Indonesian diplomat (born 1964)

Suwartini Sukardi Wirta (born 22 September 1964) is an Indonesian diplomat who has been serving as the ambassador to Croatia since 2021. Previously, she was the deputy chief of mission at the embassy in Ottawa and chief of planning and organization of the foreign ministry.

== Biography ==
Suwartini was born on 22 September 1964. She had been posted to Indonesian representatives abroad, including at the Indonesian consulate general in San Francisco as a vice consul since 26 June 2000. She returned to the foreign ministry and was placed as chief of budgeting control section within the foreign ministry's secretariat general, serving under secretary general Sudjadnan Parnohadiningrat. In a trial held in 2014, Sudjanan was found guilty of misappropriating fatigue money during international seminars and conferences held by the foreign ministry from 2004 to 2005, with Suwartini receiving 165 million rupiahs (about $) from Sudjanan. Suwartini had been investigated as a witness in the case three years earlier.

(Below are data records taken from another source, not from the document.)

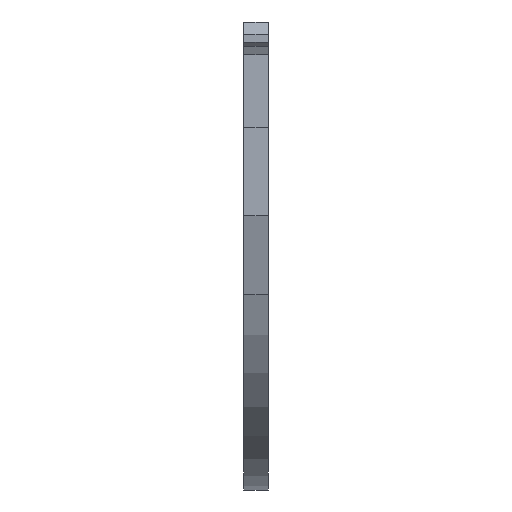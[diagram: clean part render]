
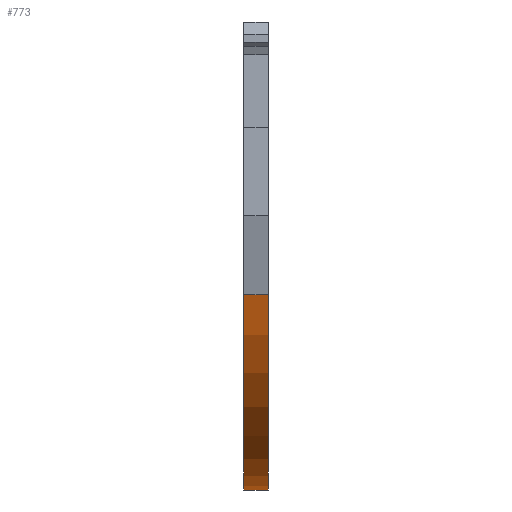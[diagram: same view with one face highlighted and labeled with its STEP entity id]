
A CAD part, left-side view. The second image highlights one B-rep face of the part: STEP entity #773.
In plain terms, the highlighted cylindrical face has radius 32.5 mm (diameter 65 mm), a partial arc.
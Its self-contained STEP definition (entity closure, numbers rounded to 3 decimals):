
#114 = AXIS2_PLACEMENT_3D ( 'NONE', #813, #811, #818 ) ;
#130 = VERTEX_POINT ( 'NONE', #904 ) ;
#174 = CIRCLE ( 'NONE', #643, 32.5 ) ;
#233 = CARTESIAN_POINT ( 'NONE',  ( 0., 0., -32.5 ) ) ;
#253 = DIRECTION ( 'NONE',  ( 0., -1., 0. ) ) ;
#293 = CARTESIAN_POINT ( 'NONE',  ( -31.367, 3., -8.508 ) ) ;
#319 = ORIENTED_EDGE ( 'NONE', *, *, #554, .F. ) ;
#338 = ORIENTED_EDGE ( 'NONE', *, *, #861, .T. ) ;
#365 = VERTEX_POINT ( 'NONE', #233 ) ;
#452 = ORIENTED_EDGE ( 'NONE', *, *, #742, .T. ) ;
#466 = ORIENTED_EDGE ( 'NONE', *, *, #1100, .F. ) ;
#554 = EDGE_CURVE ( 'NONE', #697, #130, #174, .T. ) ;
#581 = DIRECTION ( 'NONE',  ( 0., -1., 0. ) ) ;
#598 = CARTESIAN_POINT ( 'NONE',  ( 0., 3., -32.5 ) ) ;
#643 = AXIS2_PLACEMENT_3D ( 'NONE', #1407, #1396, #1392 ) ;
#697 = VERTEX_POINT ( 'NONE', #1094 ) ;
#742 = EDGE_CURVE ( 'NONE', #365, #1279, #1355, .T. ) ;
#773 = ADVANCED_FACE ( 'NONE', ( #1288 ), #1238, .T. ) ;
#811 = DIRECTION ( 'NONE',  ( 0., -1., 0. ) ) ;
#813 = CARTESIAN_POINT ( 'NONE',  ( 0., 3., 0. ) ) ;
#818 = DIRECTION ( 'NONE',  ( 0., 0., -1. ) ) ;
#821 = VECTOR ( 'NONE', #253, 1000. ) ;
#861 = EDGE_CURVE ( 'NONE', #697, #365, #1121, .T. ) ;
#904 = CARTESIAN_POINT ( 'NONE',  ( -31.367, 3., -8.508 ) ) ;
#925 = DIRECTION ( 'NONE',  ( 0., 0., -1. ) ) ;
#932 = DIRECTION ( 'NONE',  ( 0., 1., 0. ) ) ;
#935 = CARTESIAN_POINT ( 'NONE',  ( 0., 0., 0. ) ) ;
#963 = LINE ( 'NONE', #293, #821 ) ;
#975 = AXIS2_PLACEMENT_3D ( 'NONE', #935, #932, #925 ) ;
#1038 = EDGE_LOOP ( 'NONE', ( #319, #338, #452, #466 ) ) ;
#1094 = CARTESIAN_POINT ( 'NONE',  ( 0., 3., -32.5 ) ) ;
#1100 = EDGE_CURVE ( 'NONE', #130, #1279, #963, .T. ) ;
#1102 = VECTOR ( 'NONE', #581, 1000. ) ;
#1121 = LINE ( 'NONE', #598, #1102 ) ;
#1238 = CYLINDRICAL_SURFACE ( 'NONE', #114, 32.5 ) ;
#1279 = VERTEX_POINT ( 'NONE', #1410 ) ;
#1288 = FACE_OUTER_BOUND ( 'NONE', #1038, .T. ) ;
#1355 = CIRCLE ( 'NONE', #975, 32.5 ) ;
#1392 = DIRECTION ( 'NONE',  ( 0., 0., -1. ) ) ;
#1396 = DIRECTION ( 'NONE',  ( 0., 1., 0. ) ) ;
#1407 = CARTESIAN_POINT ( 'NONE',  ( 0., 3., 0. ) ) ;
#1410 = CARTESIAN_POINT ( 'NONE',  ( -31.367, 0., -8.508 ) ) ;

On 3 September 2010, Suwartini was placed as inspector I within the foreign ministry's inspectorate general, supervising representatives in Central, South, and East Asia, as well as the directorate general of Asia Pacific and Africa, ASEAN Cooperation, and Agency for Policy Assessment and Development. She was then transferred to the secretariat general on 12 April 2012 as the chief of the foreign ministry's financial bureau. Shortly upon assuming office, the ministry received an unqualified opinion from the audit board, and she immediately sent a memo to all foreign ministry units detailing the steps necessary for preparing the next years financial report. She noted that the financial reports had some outstanding issues, such as negative unpaid third-party contributions, and warned that the issue would cause the foreign ministry's financial reports to fall back to a "disclaimer" opinion if it is not fixed.

In 2015, Suwartini became the deputy chief of mission at the embassy in Ottawa. She briefly became the chargé d'affaires ad interim on two occasions: during the ambassador's leave of absence in 2016 and during the transition to the new ambassador in 2018. She left her post in March 2018. By 4 April 2018, Suwartini assumed office as the chief of planning and organization within the foreign ministry's secretariat general.

In June 2021, Suwartini was nominated by President Joko Widodo as ambassador for Croatia . Upon passing an assessment by the House of Representative's first commission in July, she was installed as ambassador on 17 November. She presented his credentials to the President of Croatia Zoran Milanović on 16 February 2022. Early in her term, Suwartini planned to expand cooperation in defense, cybersecurity, and healthcare, and stated Indonesia's interests in using Croatian ports in Rijeka, Zadar, Split, for cargo distribution across Europe. She was also involved in coordinating and facilitating the sister city cooperation proposal between Denpasar and Zadar.